In closing, the thesis identifies additional areas of research that are required to support the development of adaptable policies scalable to the rapidly changing cyber threat environment. As demonstrated through the literature review, the existing research into the threats against U.S. critical cyber infrastructure has generally focused on the two key methods of attaining cyber security: 1) utilizing defensive technology as described in John McHugh, Alan Christie, and Julia Allen’s article “Defending Yourself: The Role of Intrusion Detection Systems,” regarding intrusion detection systems, [7]  for example, and 2) offensive operations that identify and eliminate the actors who seek to target our cyber systems [8]  as discussed in Susan Brenner’s article in the Journal of Criminal Law and Criminology titled “At Light Speed.”

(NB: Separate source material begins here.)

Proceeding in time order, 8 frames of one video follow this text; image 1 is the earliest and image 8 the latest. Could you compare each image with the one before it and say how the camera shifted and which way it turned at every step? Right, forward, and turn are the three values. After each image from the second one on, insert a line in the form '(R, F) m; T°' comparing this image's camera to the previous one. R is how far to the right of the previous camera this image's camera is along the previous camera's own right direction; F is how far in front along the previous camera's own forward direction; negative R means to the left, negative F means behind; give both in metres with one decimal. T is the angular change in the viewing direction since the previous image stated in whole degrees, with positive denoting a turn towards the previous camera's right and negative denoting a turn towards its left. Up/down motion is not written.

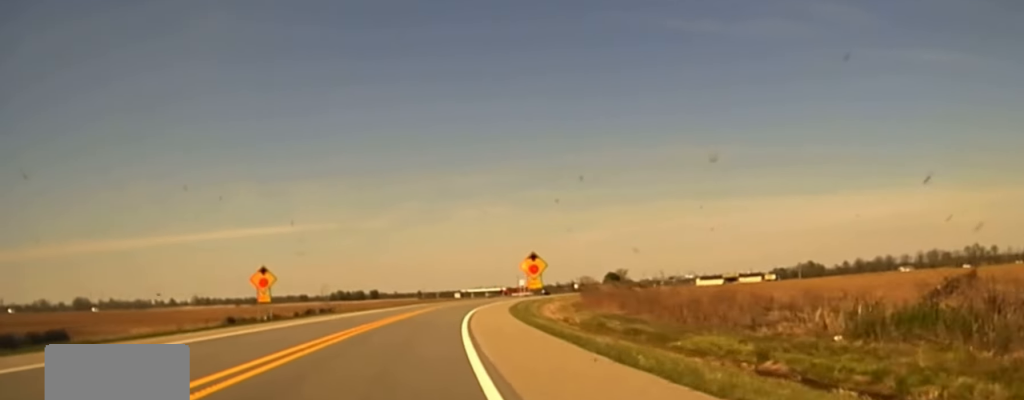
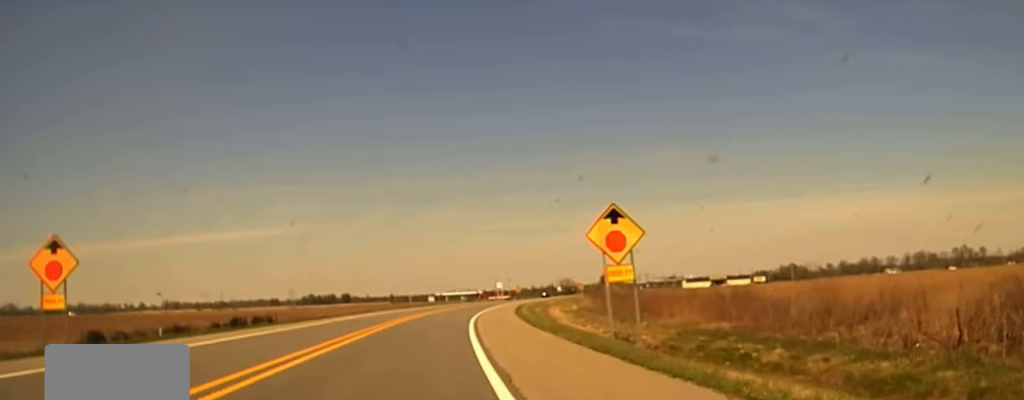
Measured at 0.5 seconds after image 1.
(+0.2, +29.5) m; +2°
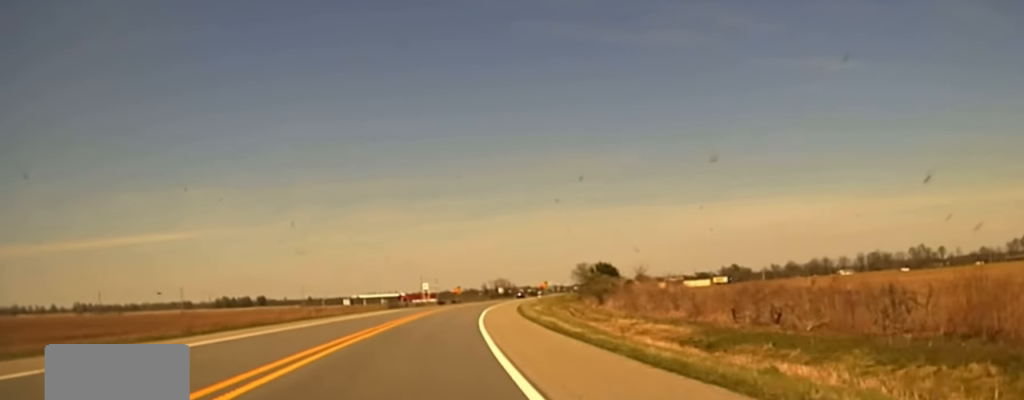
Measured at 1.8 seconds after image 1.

Areas for future research include a review of emerging technologies that provide more adaptable defensive precautions through leveraging artificial intelligence. At some point, it is possible that the technology will supplant the need for human decisions and intervention that is often identified as the point of failure during a post-intrusion review. Another area of valuable research is a review of successful cyber security efforts initiated by the private sector, how the need for those efforts was advertised within the corporate structure to gather support, and the way that those successes could be imitated or initiated throughout the government enterprise. Related to this topic, a comprehensive study of the cyber security efforts of other nations and whether those efforts could be employed within the U.S. could prove beneficial to policy makers. Finally, additional research regarding deterrence or game theory as it applies to low-level attackers, advanced/organized criminal actors, and nation-state supported cyber threats should be conducted to more thoroughly evaluate the effectiveness of offensive operations against attackers of different skill levels and motivations.

---

[1] Uniting and Strengthening America by Providing Appropriate Tools Required to Intercept and Obstruct Terrorism (USA Patriot Act) Act of 2001, Pub. L. No. 107-56, 115 Stat. 272 (2001).

[2] An Act to Establish the Department of Homeland Security, and for Other Purposes (Homeland Security Act) Act of 2002, Pub. L. No. 107-296 Stat. 2135 (2002).

[3] U.S. Department of Homeland Security (DHS), National Infrastructure Protection Plan, (Washington, DC: DHS, 2009) https://www.dhs.gov/national-infrastructure-protection-plan.

[4] Frank Deffer, Planning, Management, and Systems Issues Hinder DHS’ Efforts To Protect Cyberspace and the Nation’s Cyber Infrastructure (OIG -11-89) (Washington, DC: OIG and DHS, June 2011), https://www.hsdl.org/?view&did=683172.

[5] Steven J. Tomisek, Homeland Security: The New Role for Defense (Washington, DC: Institute for National Strategic Studies, National Defense University, 2002).

[6] Tyler Moore, Allan Friedman, and Ariel D. Procaccia, “Would a ‘Cyber Warrior’ Protect Us?: Exploring Trade-Offs between Attack and Defense of Information Systems,” in Proceedings of the 2010 Workshop on New Security Paradigms (New York: 2010 ACM, 2010), 85–94, doi:978-1-4503-0415-3.

[7] John McHugh, Alan Christie, and Julia Allen, “Defending Yourself: The Role of Intrusion Detection Systems,” IEEE Software, September 2000, 42.

[8] Susan W. Brenner, “ ‘At Light Speed’: Attribution and Response to Cybercrime/Terrorism/Warfare,” Journal of Criminal Law and Criminology (1973-) 97, no. 2 (January 1, 2007): 379–475, doi:10.2307/40042831.